Age and exercise-related changes in myocardial mitochondria in mice.

A quantitative histochemical and an ultrastructural study was performed on the left ventricular myocardium of C57BL/6J female mice to evaluate the effects of aging and running exercise on mitochondrial structure and SDH activity. A comparison was made between 6-month-old ("young") and 27-month-old ("old") sedentary mice with age-matched mice subjected to running schedules (10 or 30 min/d) for 6 weeks. In longer-term studies, 27-month-old mice were given similar daily running schedules over a 10 month period ("long term runners"). No significant differences were found in SDH activity during the normal course of aging in mice (6 to 27 months of age), however, the response to running differed markedly in young versus old mice. "Young" trained mice showed significant increase in SDH activity compared with age-matched sedentary mice, whereas "old" trained mice showed significantly reduced SDH activity. Electron microscopy showed ultrastructural changes in mitochondria associated with aging including the development of large aggregations of mitochondria in subsarcolemmal and paranuclear sites.
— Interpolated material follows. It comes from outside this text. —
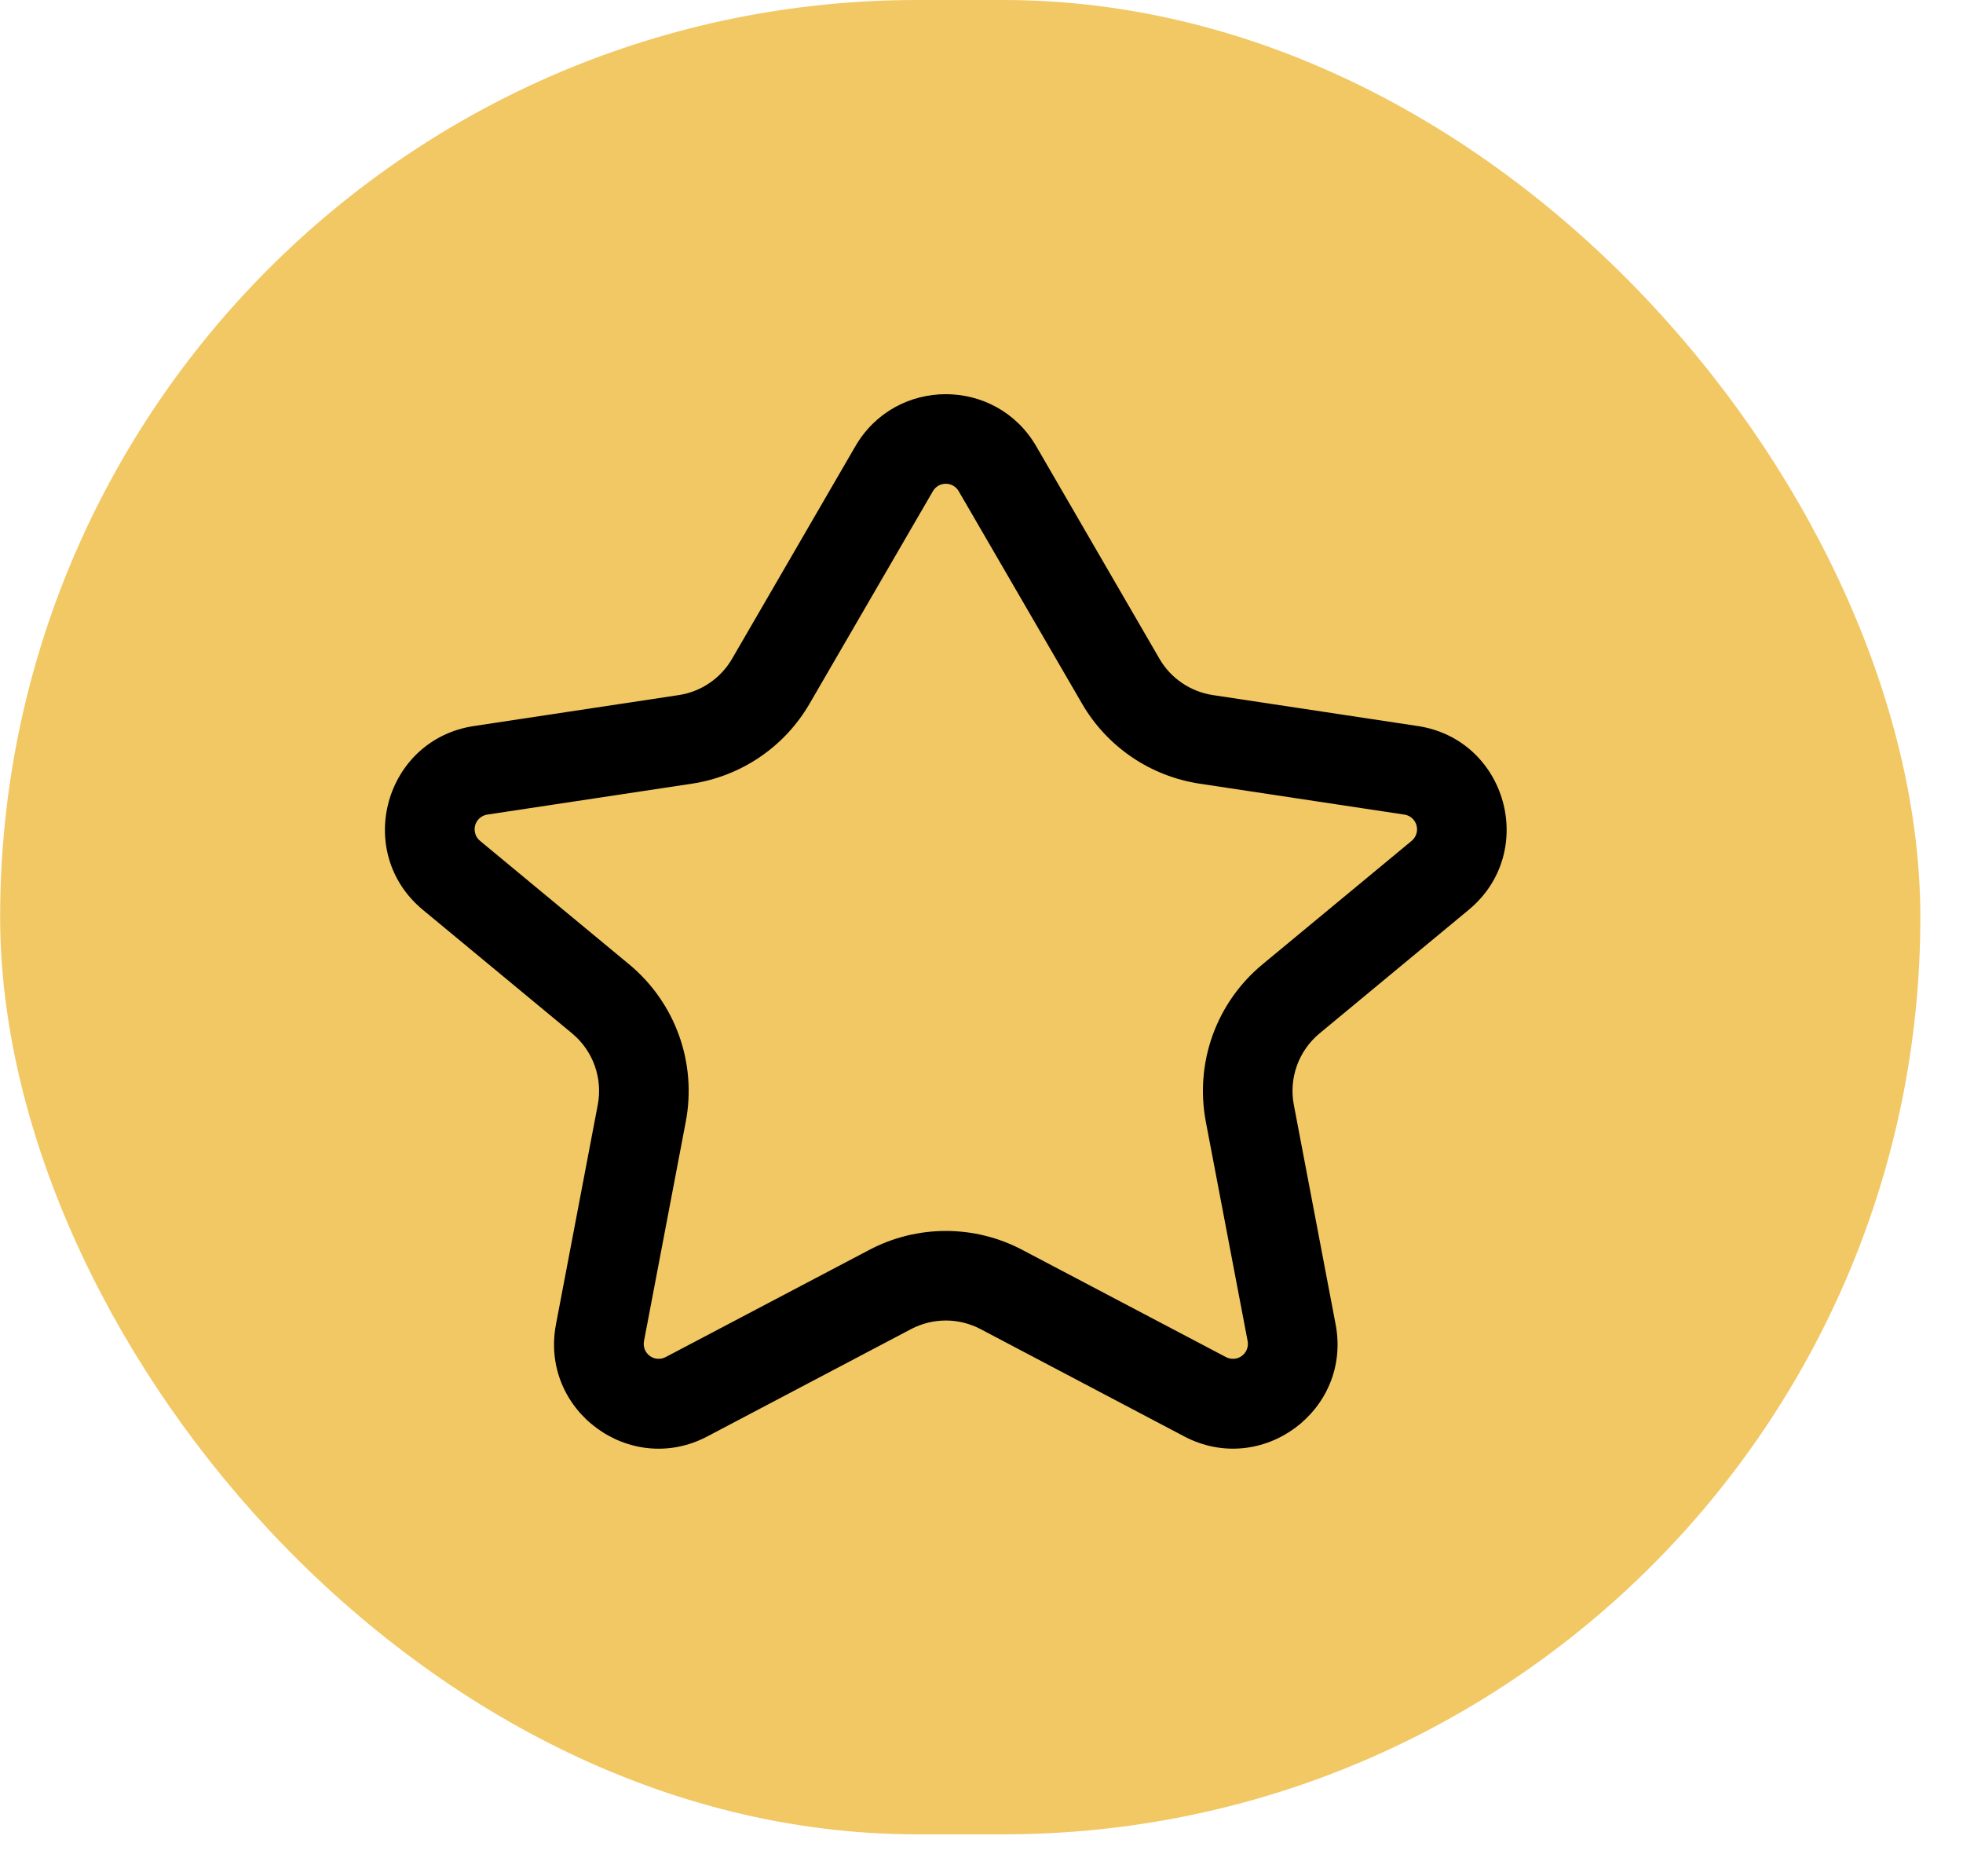 <svg width="45" height="43" viewBox="0 0 45 43" fill="none" xmlns="http://www.w3.org/2000/svg">
<rect x="44.022" y="42.047" width="44.019" height="42.047" rx="21.024" transform="rotate(-180 44.022 42.047)" fill="#F2C864"/>
<path fill-rule="evenodd" clip-rule="evenodd" d="M19.609 10.228C20.533 8.638 22.83 8.638 23.754 10.228L26.58 15.101C26.84 15.55 27.292 15.855 27.805 15.933L32.5 16.642C34.545 16.951 35.262 19.535 33.669 20.855L30.249 23.688C30.013 23.884 29.834 24.139 29.73 24.427C29.627 24.715 29.602 25.026 29.66 25.326L30.618 30.358C30.993 32.329 28.924 33.859 27.148 32.926L22.478 30.466C22.233 30.337 21.959 30.269 21.682 30.269C21.404 30.269 21.131 30.337 20.885 30.466L16.215 32.926C14.44 33.861 12.37 32.329 12.745 30.358L13.703 25.326C13.761 25.026 13.736 24.715 13.633 24.427C13.53 24.139 13.351 23.884 13.115 23.688L9.693 20.855C8.101 19.535 8.817 16.951 10.865 16.642L15.559 15.933C15.813 15.895 16.054 15.8 16.266 15.655C16.478 15.511 16.654 15.321 16.783 15.099L19.609 10.228ZM21.977 11.259C21.947 11.207 21.904 11.164 21.852 11.134C21.8 11.104 21.741 11.089 21.682 11.089C21.622 11.089 21.563 11.104 21.511 11.134C21.459 11.164 21.416 11.207 21.386 11.259L18.558 16.131C18.275 16.619 17.886 17.036 17.42 17.353C16.954 17.67 16.423 17.878 15.866 17.963L11.171 18.672C11.106 18.682 11.045 18.71 10.995 18.754C10.946 18.798 10.91 18.855 10.892 18.919C10.875 18.982 10.876 19.05 10.896 19.113C10.915 19.176 10.953 19.232 11.004 19.274L14.425 22.107C14.943 22.537 15.337 23.098 15.565 23.731C15.793 24.365 15.847 25.048 15.721 25.71L14.763 30.741C14.751 30.805 14.757 30.87 14.78 30.93C14.804 30.99 14.844 31.042 14.895 31.08C14.947 31.119 15.008 31.142 15.073 31.146C15.137 31.151 15.201 31.138 15.258 31.108L19.928 28.65C20.469 28.365 21.071 28.216 21.682 28.216C22.293 28.216 22.894 28.365 23.435 28.65L28.105 31.108C28.162 31.138 28.226 31.151 28.291 31.146C28.355 31.142 28.416 31.119 28.468 31.08C28.52 31.042 28.56 30.99 28.583 30.93C28.607 30.87 28.613 30.805 28.601 30.741L27.642 25.71C27.517 25.048 27.57 24.365 27.798 23.731C28.026 23.098 28.42 22.537 28.939 22.107L32.361 19.274C32.411 19.232 32.449 19.176 32.469 19.113C32.489 19.049 32.49 18.982 32.472 18.918C32.454 18.854 32.418 18.797 32.369 18.753C32.319 18.71 32.258 18.681 32.192 18.672L27.497 17.963C26.94 17.878 26.409 17.67 25.943 17.353C25.477 17.035 25.088 16.618 24.805 16.13L21.977 11.259Z" fill="black"/>
</svg>

Running schedules, especially in aged runners, caused an increase in interfibrillar mitochondria hypertrophy, loss of matrix and cristae, incorporation of lipid inclusions and the formation of giant mitochondria. These abnormal mitochondrial changes are interpreted as being degenerative and possibly contributing to the reduced SDH levels found in cardiac myocytes of aged runners. Our results indicate that whereas regular exercise in young animals enhanced SDH activity, in aged mice it may be detrimental rather than beneficial.